Archive 17 (Jul 2019 – Aug 2019)
Archive 18 (Aug 2019 – Oct 2019)
Archive 19 (Oct 2019 – Mar 2020)
Archive 20 (Mar 2020 – May 2020)
Archive 21 (May 2020 – Jul 2020)
Archive 22 (Jul 2020 – Sep 2020)
Archive 23 (Sep 2020 – Dec 2020)
Archive 24 (Dec 2020 – Apr 2021)
Archive 25 (Apr 2021 – Jun 2021)
Archive 26 (Jun 2021 – Aug 2021)
Archive 27 (Aug 2021 – Sep 2021)
Archive 28 (Oct 2021 – Dec 2021)
Archive 29 (Dec 2021 – Dec 2021)
Archive 30 (Dec 2021 – present)

This page has archives. Sections older than 90 days may be automatically archived by when more than 4 sections are present.

Note that the bot's maintainer and assistants (Thing 1 and Thing 2), can go weeks without logging in to Wikipedia. The code is open source and interested parties are invited to assist with the operation and extension of the bot. Before reporting a bug, please note: Addition of DUPLICATE_xxx= to citation templates by this bot is a feature. When there are two identical parameters in a citation template, the bot renames one to DUPLICATE_xxx=. The bot is pointing out the problem with the template. The solution is to choose one of the two parameters and remove the other one, or to convert it to an appropriate parameter.
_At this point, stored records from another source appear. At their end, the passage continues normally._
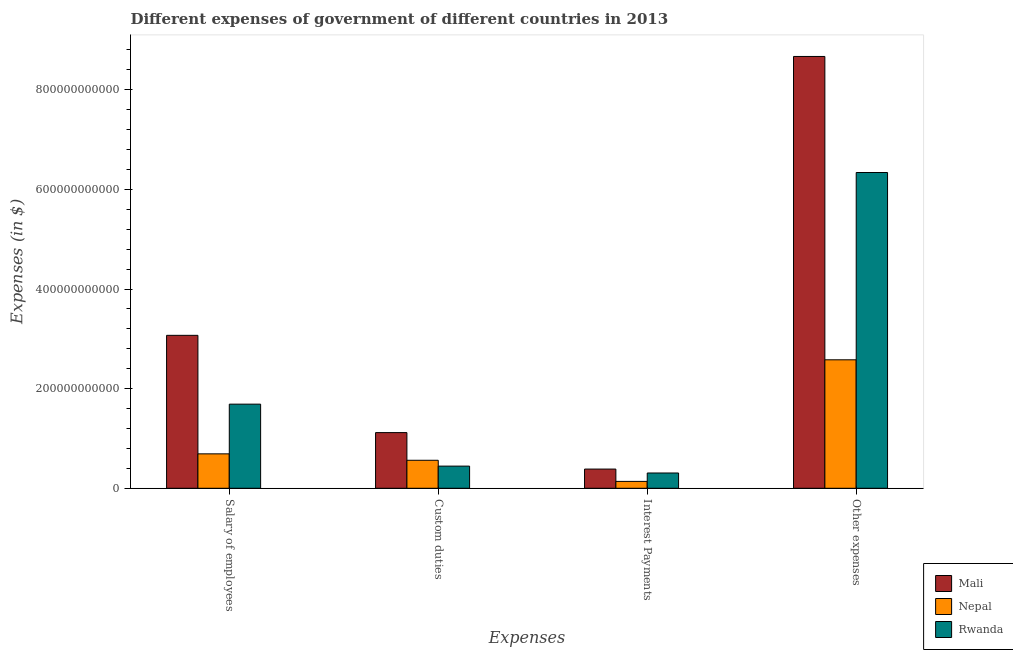
| Expenses | Mali | Nepal | Rwanda |
 | --- | --- | --- | --- |
 | Salary of employees | 3.07e+11 | 6.91e+10 | 1.69e+11 |
 | Custom duties | 1.12e+11 | 5.62e+10 | 4.45e+10 |
 | Interest Payments | 3.86e+10 | 1.38e+10 | 3.07e+10 |
 | Other expenses | 8.67e+11 | 2.58e+11 | 6.34e+11 |

A 503 error means that the bot is overloaded and you should try again later – wait at least an hour.

Please click here to report an error.

Or, for a faster response from the maintainers, submit a pull request with appropriate code fix on GitHub, if you can write the needed code.

Consistent spacing

Status: new bug
Reported by: Abductive (reasoning) 03:24, 2 August 2021 (UTC)[reply]

What happens: bot added a date parameter in a ref with a space before every pipe, but did not include a space
Relevant diffs/links: https://en.wikipedia.org/w/index.php?title=53W53&type=revision&diff=1036681818&oldid=1036681278
We can't proceed until: Feedback from maintainers

I know this is a minor bug, but it bugs me. I know that the bot is written to make an attempt to duplicate the formatting already present in the ref. How it could have failed here, I don't know. But more importantly, it should default to the consensus ref formatting: space,pipe,parametername,=,parametervalue. (Spaces before pipes, no spaces around the equals signs or anywhere else, except perhaps before the curly end brackets if there already was a space there.) Abductive (reasoning) 03:24, 2 August 2021 (UTC)[reply]
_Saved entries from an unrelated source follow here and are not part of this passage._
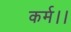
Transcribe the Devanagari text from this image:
कर्म।।
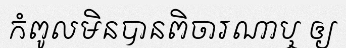
កំពូលមិនបានពិចារណាឬ ឲ្យ
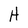
Character: H
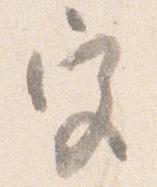
宮
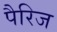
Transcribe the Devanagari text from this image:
पैरिज

I agree. The default should be space,pipe,parametername,=,parametervalue. --BrownHairedGirl (talk) • (contribs) 15:27, 2 August 2021 (UTC)[reply]

Cannot fix since the the bot already uses the existing citation template as a guide. Templates that are mixes in spacing such as these cannot be done in a way that makes everyone happy. AManWithNoPlan (talk) 16:45, 2 August 2021 (UTC)[reply]
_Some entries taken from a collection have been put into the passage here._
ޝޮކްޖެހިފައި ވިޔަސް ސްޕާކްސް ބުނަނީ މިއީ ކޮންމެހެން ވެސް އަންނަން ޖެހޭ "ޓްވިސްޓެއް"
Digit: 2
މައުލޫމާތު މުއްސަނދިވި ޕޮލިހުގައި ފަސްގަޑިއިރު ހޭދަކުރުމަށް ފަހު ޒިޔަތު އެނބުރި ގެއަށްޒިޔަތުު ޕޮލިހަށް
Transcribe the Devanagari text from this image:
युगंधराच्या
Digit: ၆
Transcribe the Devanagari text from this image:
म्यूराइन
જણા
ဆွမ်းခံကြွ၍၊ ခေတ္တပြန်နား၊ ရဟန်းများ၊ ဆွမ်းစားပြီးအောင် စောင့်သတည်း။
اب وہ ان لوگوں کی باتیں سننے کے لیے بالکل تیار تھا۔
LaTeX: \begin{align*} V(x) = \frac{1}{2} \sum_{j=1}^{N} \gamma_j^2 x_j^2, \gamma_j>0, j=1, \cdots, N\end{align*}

But how to explain the example? The bot deviated from the format of the ref it edited? Abductive (reasoning) 16:59, 2 August 2021 (UTC)[reply]

I see, you want the bot to add spaces to existing parameters - in particular the last one. Interesting, the bot by default does not in anyway modify spacing of existing parameters. That parameter has no trailing spaces. As far as the bot in concerned there are no spaces before pipes, just spaces at the end of parameters. AManWithNoPlan (talk) 17:14, 2 August 2021 (UTC)[reply]

The bot must have looked at the lack-of-space of the last parameter (before the end curly braces) to come to the conclusion that the ref was formatted that way. Perhaps it should look after the "cite xxxx" for the cue? Abductive (reasoning) 17:51, 2 August 2021 (UTC)[reply]

not, that is not what it did. It simply does not change the spacing of existing parameters. The existing final parameter has no ending space, so the bot does not add one. AManWithNoPlan (talk) 21:14, 2 August 2021 (UTC)[reply]

Ah, I see what you are saying. It slotted it in at the end. Well, I had hoped that the bot could have provided a cure to the annoying new habit of users removing all spaces from refs, making a wall of text for editors. Abductive (reasoning) 22:25, 2 August 2021 (UTC)[reply]

And creates annoyingly unpredictable line wraps. Does this format really have consensus? If so, bots (any bot) could create a cosmetic function for citations they edit. -- GreenC 17:04, 6 August 2021 (UTC)[reply]

There are some people who like the "crammed" format. I started a conversation about the formatting here, but I don't really understand what they were saying. Abductive (reasoning) 02:06, 7 August 2021 (UTC)[reply]

As Abductive suggests, what the bot should do ideally is to check if the first parameter's pipe following the template name is preceded by a space (or even better, if at least one of the parameters' pipe symbol is preceded by space) and if it is, it should add a space in front of pipe symbol of newly inserted parameters, no matter where they are inserted into the parameter list. If the template has no parameters yet, the bot should fall back to the "default" format "space, pipe, parameter name, equal sign, parameter value" we consistently use in all CS1/CS2 documentation and examples. (Well, IMO, this latter format would ideally be made the only format used at all, but that's a discussion beyond the scope of CB issues here.)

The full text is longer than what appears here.